And the Newt Shall Rise Again


After his loss to Romney and Santorum in Iowa, Gingrich apparently devised a plan that set his sights on South Carolina, where the Confederate flag still flies on the grounds of the state capitol. He knew New Hampshire was Romney's game, since, as the former governor of the state next door, Romney was nearly impossible to beat in the first-in-the-nation primary. But the national media were there, and Newt made the most of their presence, knowing his antics would be duly noted in the Palmetto state. So he deftly repackaged an off-hand, race-baiting remark made by Rick Santorum in Iowa, and dubbed Barack Obama the "food stamp president."

He set about putting a black face on all of America's poor, and then insinuating that these presumably dark-skinned dependents on public assistance arrived at their lowly station through laziness and the radical, redistributionist policies of America's first African-American president. Whenever he could pair his racist theories with attacks on other targets of the right -- say, labor unions and public employees -- he did. Child labor laws should be adjusted so that public school custodians could be replaced with poor kids -- who did, after all, need the money, he said, and an infusion of work ethic.

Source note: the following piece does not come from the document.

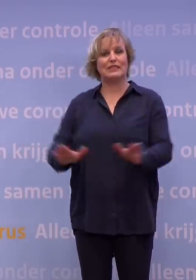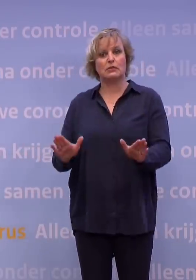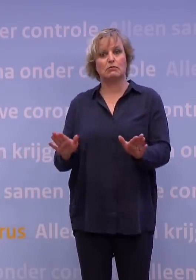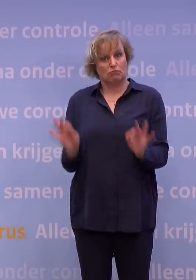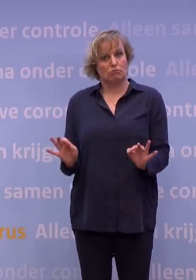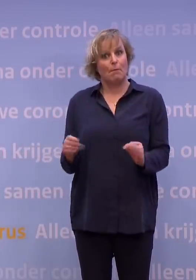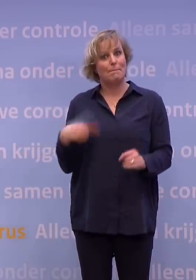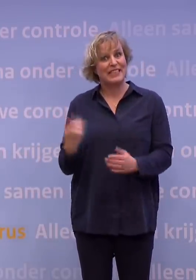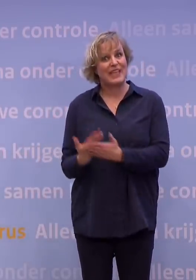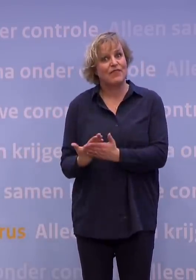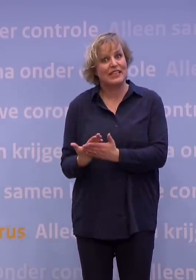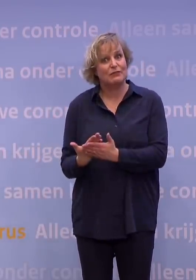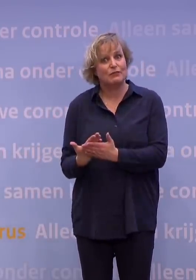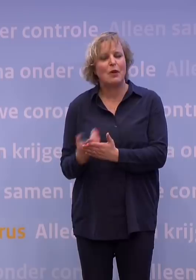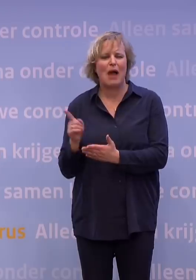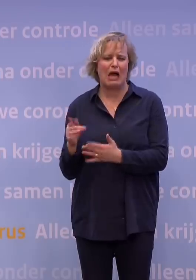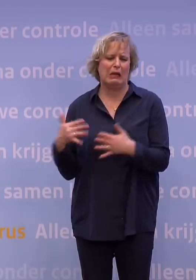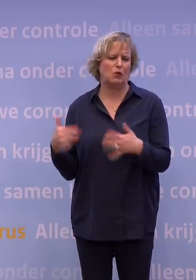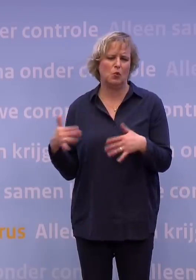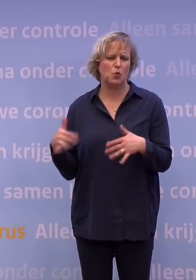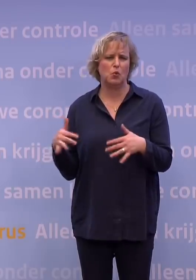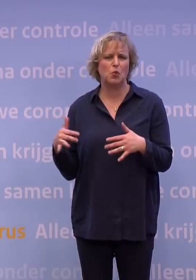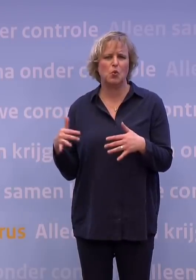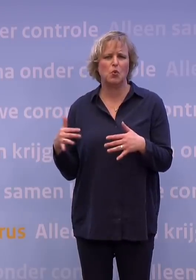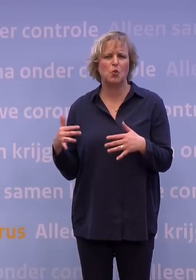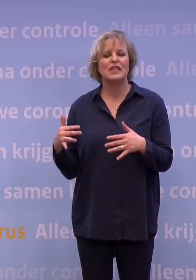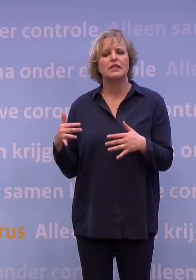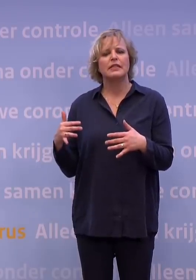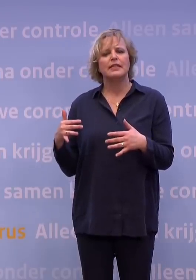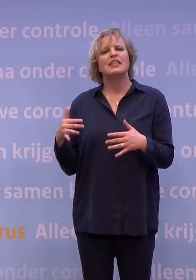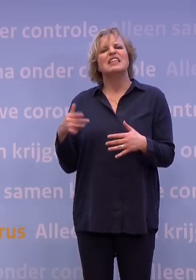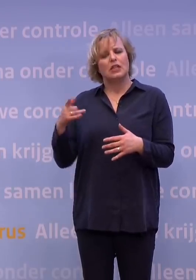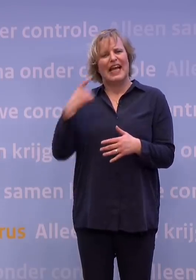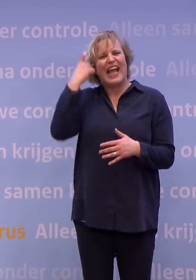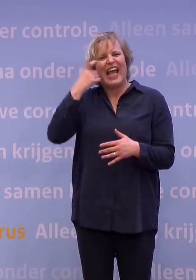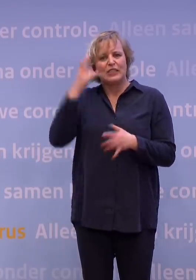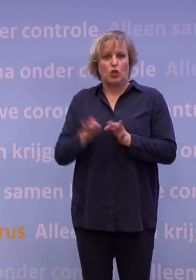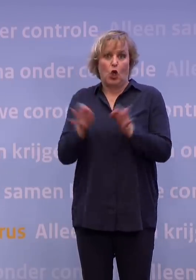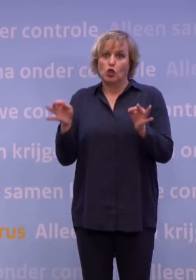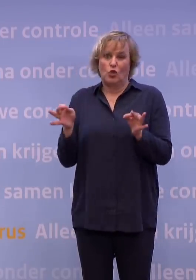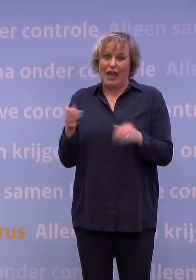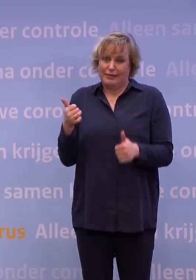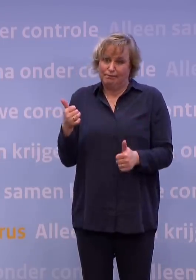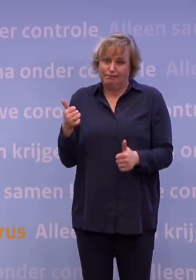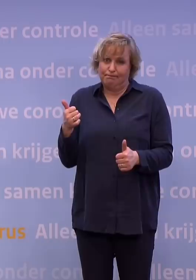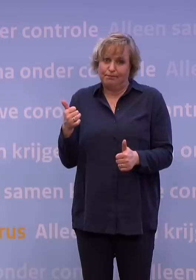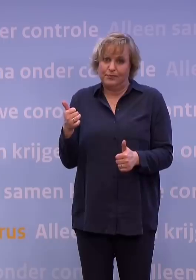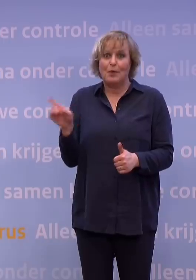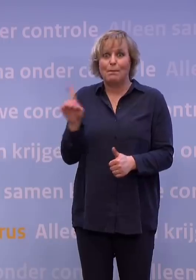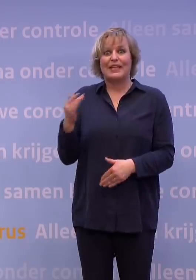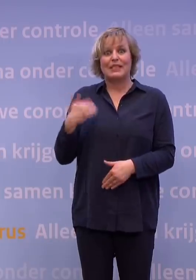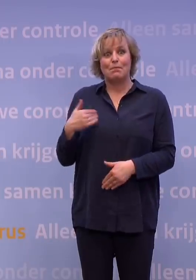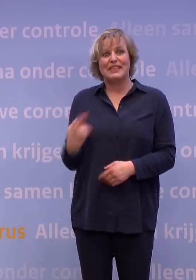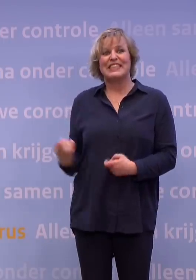bestrijding van het virus. Maar dat is wel heel dodelijk voor, nou niet letterlijk, maar voor je geestelijke gezondheid. En dat betekent dat mensen het extra
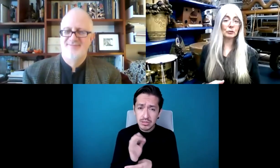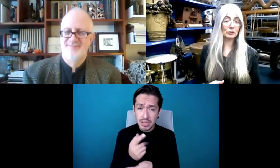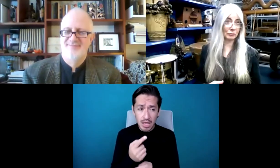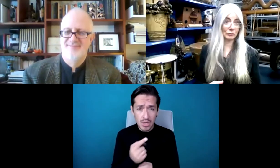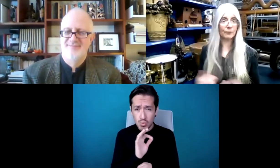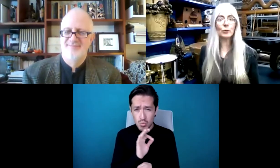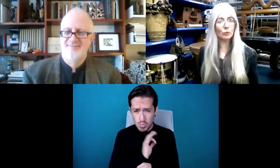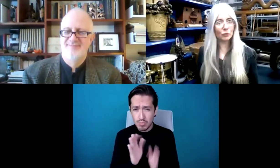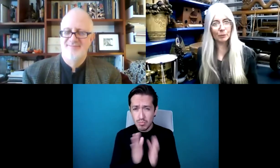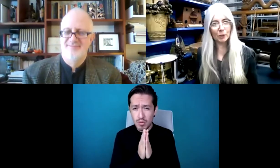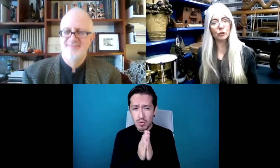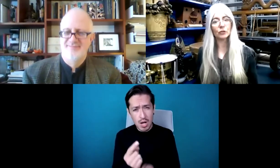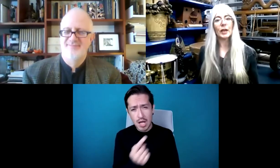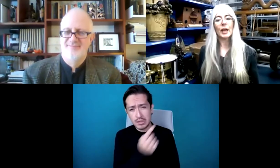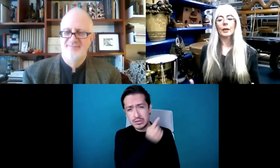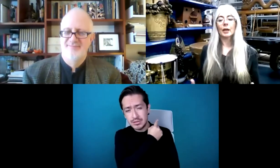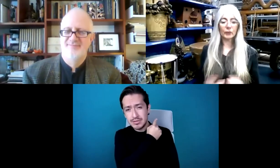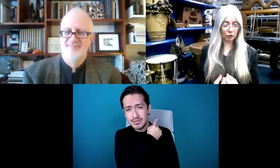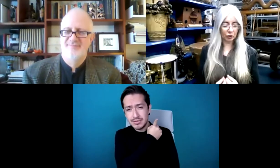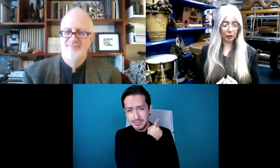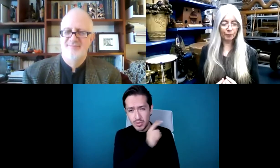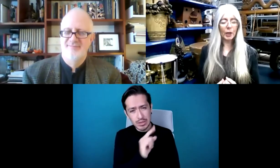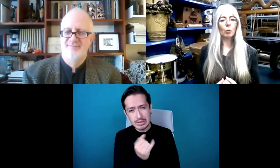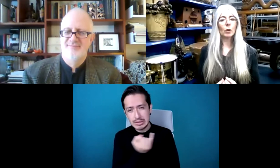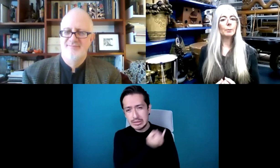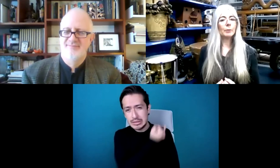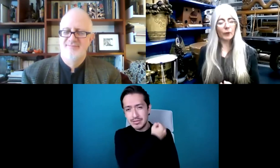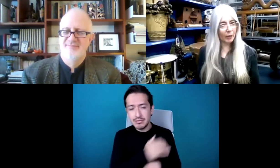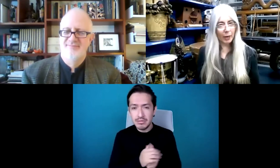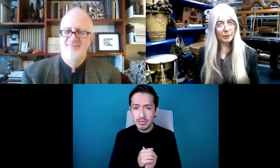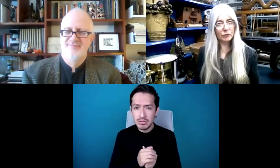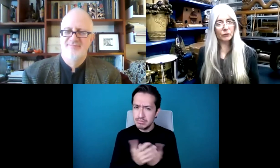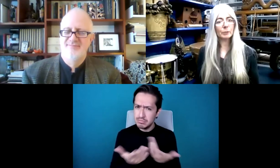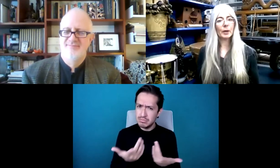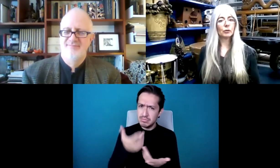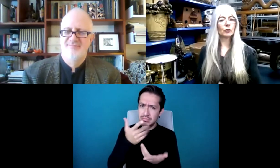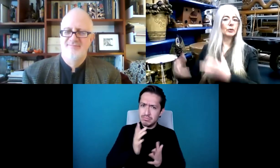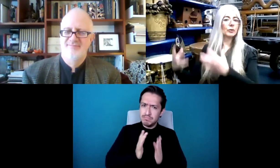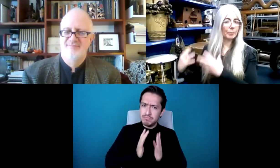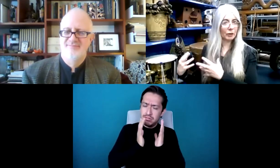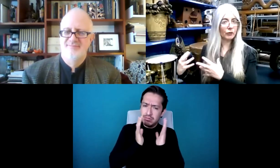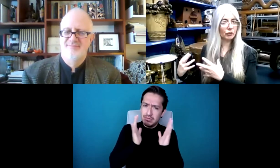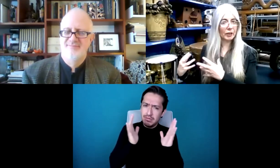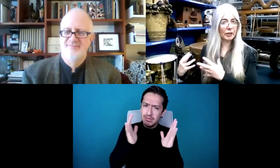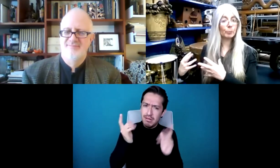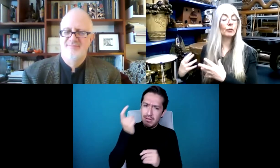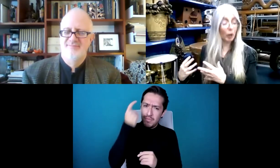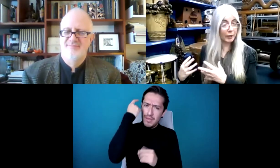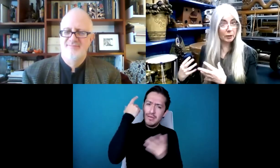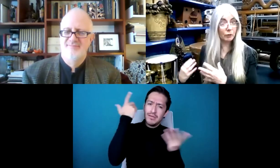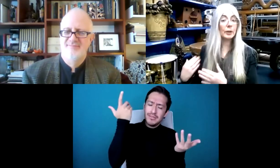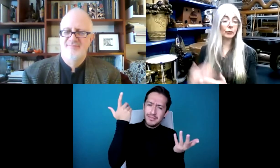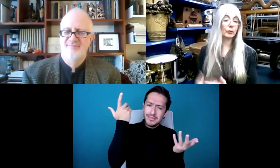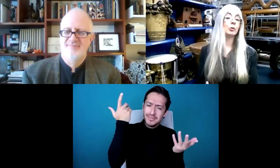trasera del escenario? Y quedé tan sorprendida y confundida y le dije, con todo gusto lo puedo

Then Gingrich said he would go into a place that would look, to those in South Carolina's Republican base with a fear of black people, like the lion's den.

"I said I was willing to go to the NAACP national convention, which most Republicans are unwilling to do, and talk about the importance of food stamps versus paychecks...," Gingrich said, as AlterNet reported, in response to a challenging question at a New Hampshire campaign stop. "Here's a Republican who is standing up, [willing to talk to] one of the most left-wing groups in America about how to help the people they represent."

Because, obviously, they are incapable of figuring that out on their own.

Doubling Down on the Race War


Then Gingrich got another of his big ideas. Why wait for the NAACP convention to roll around to collect television footage, for the edification of the racially prejudiced segment of the electorate he's targeting, of himself yelling directly at black people? Why not get that ball rolling in time for the South Carolina primary?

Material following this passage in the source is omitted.